I’ve always considered myself to be an intelligent, strong, independent & career driven woman. I had imagined me as an executive in the industry that I so loved very much and achieved it. I was Vice President of operations in a well known company in this industry and I had achieved my goal. I felt that I had finally made it! Woohoo!!! Now what?
As a few years went by, managing a demanding career with traveling requirements, raising 2 children, and being head of household, a wife, the only thing that I actually looked forward to was going to work. I loved being a mom and being married but was always so tired and always running around like a chicken without a head! Everyone around me praised me how I “handled it”…unbeknownst to what was really going on inside me! Can you resonate?
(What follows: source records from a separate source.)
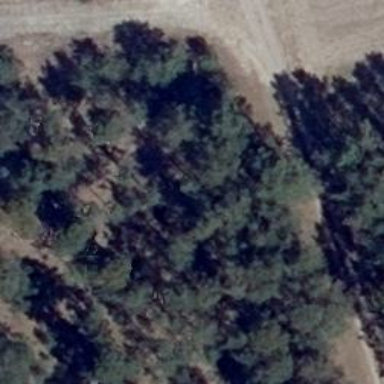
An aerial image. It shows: Hunting stand.
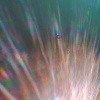
Label: sunburn
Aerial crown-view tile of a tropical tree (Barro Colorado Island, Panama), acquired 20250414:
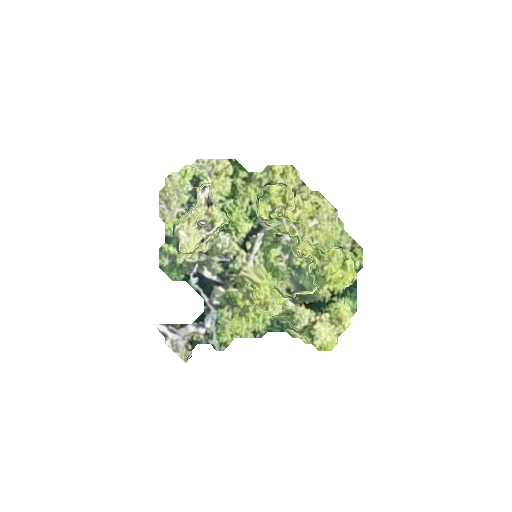
Species: Lonchocarpus heptaphyllus
GBIF accepted scientific name: Lonchocarpus heptaphyllus
Crown area: 44.357 m²
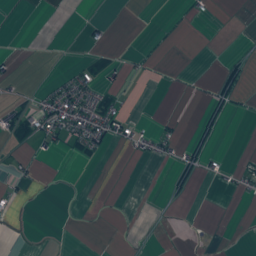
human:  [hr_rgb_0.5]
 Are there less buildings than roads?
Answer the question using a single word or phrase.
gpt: no

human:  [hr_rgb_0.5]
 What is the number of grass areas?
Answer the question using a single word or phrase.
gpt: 48

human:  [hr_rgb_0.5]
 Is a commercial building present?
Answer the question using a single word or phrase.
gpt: yes

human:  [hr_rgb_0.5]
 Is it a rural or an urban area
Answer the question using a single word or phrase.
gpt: urban

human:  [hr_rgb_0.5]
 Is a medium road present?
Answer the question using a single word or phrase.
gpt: no

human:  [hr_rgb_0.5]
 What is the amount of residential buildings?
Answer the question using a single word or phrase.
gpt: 900

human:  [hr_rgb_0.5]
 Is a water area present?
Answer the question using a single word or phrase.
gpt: yes

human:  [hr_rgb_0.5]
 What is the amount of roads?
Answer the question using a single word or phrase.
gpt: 132

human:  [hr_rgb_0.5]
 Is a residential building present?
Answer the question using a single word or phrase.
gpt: yes

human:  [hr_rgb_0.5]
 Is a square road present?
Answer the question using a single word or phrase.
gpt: no

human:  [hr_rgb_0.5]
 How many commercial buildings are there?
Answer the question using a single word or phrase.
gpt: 13

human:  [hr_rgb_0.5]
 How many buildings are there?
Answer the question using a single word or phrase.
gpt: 916

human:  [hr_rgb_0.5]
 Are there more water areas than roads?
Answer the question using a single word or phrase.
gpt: no

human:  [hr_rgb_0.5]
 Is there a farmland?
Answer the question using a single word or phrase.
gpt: yes

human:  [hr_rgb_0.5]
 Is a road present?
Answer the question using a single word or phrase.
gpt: yes

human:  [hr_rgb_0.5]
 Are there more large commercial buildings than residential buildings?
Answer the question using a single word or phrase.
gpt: no

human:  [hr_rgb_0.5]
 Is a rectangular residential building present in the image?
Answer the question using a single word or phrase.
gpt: yes

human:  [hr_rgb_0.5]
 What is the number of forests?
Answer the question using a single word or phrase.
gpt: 28

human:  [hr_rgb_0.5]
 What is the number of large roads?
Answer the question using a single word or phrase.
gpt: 0

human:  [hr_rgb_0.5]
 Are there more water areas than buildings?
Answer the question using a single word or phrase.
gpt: no

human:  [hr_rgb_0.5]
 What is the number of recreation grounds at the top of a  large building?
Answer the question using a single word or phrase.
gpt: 0

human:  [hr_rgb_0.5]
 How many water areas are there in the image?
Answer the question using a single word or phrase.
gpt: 11

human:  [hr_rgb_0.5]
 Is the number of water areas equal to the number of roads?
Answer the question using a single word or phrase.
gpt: no

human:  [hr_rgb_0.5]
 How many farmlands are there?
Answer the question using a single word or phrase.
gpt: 86

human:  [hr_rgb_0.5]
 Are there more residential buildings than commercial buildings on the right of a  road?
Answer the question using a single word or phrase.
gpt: yes

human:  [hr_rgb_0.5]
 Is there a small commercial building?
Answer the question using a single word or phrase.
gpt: yes

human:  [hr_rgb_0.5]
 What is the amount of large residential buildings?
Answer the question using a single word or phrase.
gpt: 0

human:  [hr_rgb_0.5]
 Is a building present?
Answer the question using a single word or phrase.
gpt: yes

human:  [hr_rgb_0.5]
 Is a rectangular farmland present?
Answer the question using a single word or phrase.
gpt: yes

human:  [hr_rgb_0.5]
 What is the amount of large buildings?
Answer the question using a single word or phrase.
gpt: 0

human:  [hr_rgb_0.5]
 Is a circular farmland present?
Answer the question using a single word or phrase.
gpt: no

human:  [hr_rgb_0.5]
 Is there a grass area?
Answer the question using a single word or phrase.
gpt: yes

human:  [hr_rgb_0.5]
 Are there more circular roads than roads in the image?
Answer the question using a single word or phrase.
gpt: no

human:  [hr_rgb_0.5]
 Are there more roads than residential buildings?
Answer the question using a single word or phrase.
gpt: no

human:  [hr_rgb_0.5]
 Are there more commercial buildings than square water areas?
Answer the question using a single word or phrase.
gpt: yes

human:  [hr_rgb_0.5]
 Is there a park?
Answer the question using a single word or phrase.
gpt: yes

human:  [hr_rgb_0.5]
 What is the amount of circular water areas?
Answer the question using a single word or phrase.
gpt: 0

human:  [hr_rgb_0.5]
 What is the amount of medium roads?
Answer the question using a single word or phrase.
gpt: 0

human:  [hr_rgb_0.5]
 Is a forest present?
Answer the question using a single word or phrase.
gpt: yes

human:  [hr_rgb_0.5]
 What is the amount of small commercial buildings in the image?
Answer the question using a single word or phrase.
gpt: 11

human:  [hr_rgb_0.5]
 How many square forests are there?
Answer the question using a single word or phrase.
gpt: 0

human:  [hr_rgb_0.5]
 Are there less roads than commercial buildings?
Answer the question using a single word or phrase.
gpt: no

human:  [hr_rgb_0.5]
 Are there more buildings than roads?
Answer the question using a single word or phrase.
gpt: yes

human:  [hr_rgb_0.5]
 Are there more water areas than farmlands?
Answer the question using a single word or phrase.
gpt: no

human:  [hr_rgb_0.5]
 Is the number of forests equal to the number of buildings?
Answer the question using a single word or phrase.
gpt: no

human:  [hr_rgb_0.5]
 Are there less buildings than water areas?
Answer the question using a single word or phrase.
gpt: no

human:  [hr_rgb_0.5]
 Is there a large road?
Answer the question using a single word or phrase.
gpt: no

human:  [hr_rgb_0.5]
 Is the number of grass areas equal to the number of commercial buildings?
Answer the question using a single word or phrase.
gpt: no

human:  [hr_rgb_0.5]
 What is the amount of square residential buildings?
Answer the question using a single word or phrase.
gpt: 0

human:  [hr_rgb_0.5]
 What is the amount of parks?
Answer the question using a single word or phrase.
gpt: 3

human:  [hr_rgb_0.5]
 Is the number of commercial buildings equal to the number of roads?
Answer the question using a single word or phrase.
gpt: no

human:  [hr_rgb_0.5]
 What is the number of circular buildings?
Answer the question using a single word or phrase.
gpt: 0

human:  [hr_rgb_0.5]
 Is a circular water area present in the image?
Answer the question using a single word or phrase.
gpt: no

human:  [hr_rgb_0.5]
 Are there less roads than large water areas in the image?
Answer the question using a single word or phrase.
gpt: no

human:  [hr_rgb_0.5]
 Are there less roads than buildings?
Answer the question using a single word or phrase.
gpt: yes

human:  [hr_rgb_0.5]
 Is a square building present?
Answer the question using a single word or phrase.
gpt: no

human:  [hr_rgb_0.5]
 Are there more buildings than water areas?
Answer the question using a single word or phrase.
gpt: yes

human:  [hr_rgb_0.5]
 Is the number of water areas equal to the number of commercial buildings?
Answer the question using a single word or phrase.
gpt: no

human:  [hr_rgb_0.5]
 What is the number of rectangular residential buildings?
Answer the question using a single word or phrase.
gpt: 495

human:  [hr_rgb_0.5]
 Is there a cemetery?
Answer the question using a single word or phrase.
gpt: yes

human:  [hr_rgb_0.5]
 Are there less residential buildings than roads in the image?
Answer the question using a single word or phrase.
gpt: no

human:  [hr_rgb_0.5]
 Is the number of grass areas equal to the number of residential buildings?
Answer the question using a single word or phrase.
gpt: no

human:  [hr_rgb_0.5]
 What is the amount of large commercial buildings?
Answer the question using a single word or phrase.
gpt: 0

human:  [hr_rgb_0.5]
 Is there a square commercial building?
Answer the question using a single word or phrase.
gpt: no

I was also raised with the mentality that you must work hard and sacrifice to earn a living and that took priority over everything else… including myself! This meant sacrificing myself and I was not aware of this until I was almost 40 lbs overweight and literally went up a size in my clothes to hide my body! Not to mention I was tolerating my husband’s verbally abuse and infidelities year after year and then found myself quitting my dream position and demoting myself working for a different company in hopes to gain more time and space to breathe! But all I did really was give more of myself away.
All in all, I was seemingly happy for years, but everything was taking a toll on me and realized that the strong, confident and independent woman no longer existed. I was appalled with myself. Here I was entering my 50’s! Smack in the middle of midlife and knew that my life circumstances at the time did not present me with any kind of quality and happiness in life! Holy crap!! Was this all there was? A very scary thought indeed!!!!
I figured it out, of course with some help and only after a lot of personal growth training, reading, coaching by a few awesome coaches plus the need at that point to transform and make the second part of my life the happiest! The reasons I found were many but the bottom line everything was a priority but me. I forgot about myself by making myself unimportant when other “things” grabbed my attention, especially work where I excelled! I needed to do something and decide in a split second, that no matter what, I would put my happiness before anything and surely within two years, I divorced my husband and started to prioritize myself in every area of my life including my career.
My transformation was refreshing, rejuvenating and I felt I was a new person. I changed my lifestyle by changing my eating habits and most importantly my mindset about what could be in my future if I took steps to achieve it. I reinstated my self-belief and rebuilt my confidence in what I was capable of doing for myself and my life. And I didn’t accomplish this on my own… had help which I am soooo grateful for!
While having a 13-hour day, I was able to take online courses and obtain my health and life coaching certifications in 6 months. I received my certifications in 2017 with The Health Coach Institute recognized with the ICF (International Coaching Federation) and began coaching women my age, as a hobby, to change their lifestyle and become health and mind conscious. I created a program for divorced women over 50 to teach them the importance of self-care, healthy habits and show them how taking care of themselves improves and excels not only their career or business but their romantic relationships as well as their quality of life, which is what we all aim for right?
Being an example of my program results has opened up so many opportunities for me including starting my own coaching business and have since committed to dedicate the rest of my professional life to guiding and helping women in their midlife years to achieving the same results I have achieved and beyond!! Yes, I have left the industry I so loved behind but no longer could offer me the quality of life I want! After all, confident, independent women don’t settle for mediocracy instead they look to shine and thrive so they go after what it is they want!
It’s never too late to start living a life that fulfills you! I wondered if I would have wanted this life when I was in my 30’s or 40’s and the answer is no! So, if you find yourself in your 50’s, you are exactly where you need to be to make that transformation and enjoy the life you really want!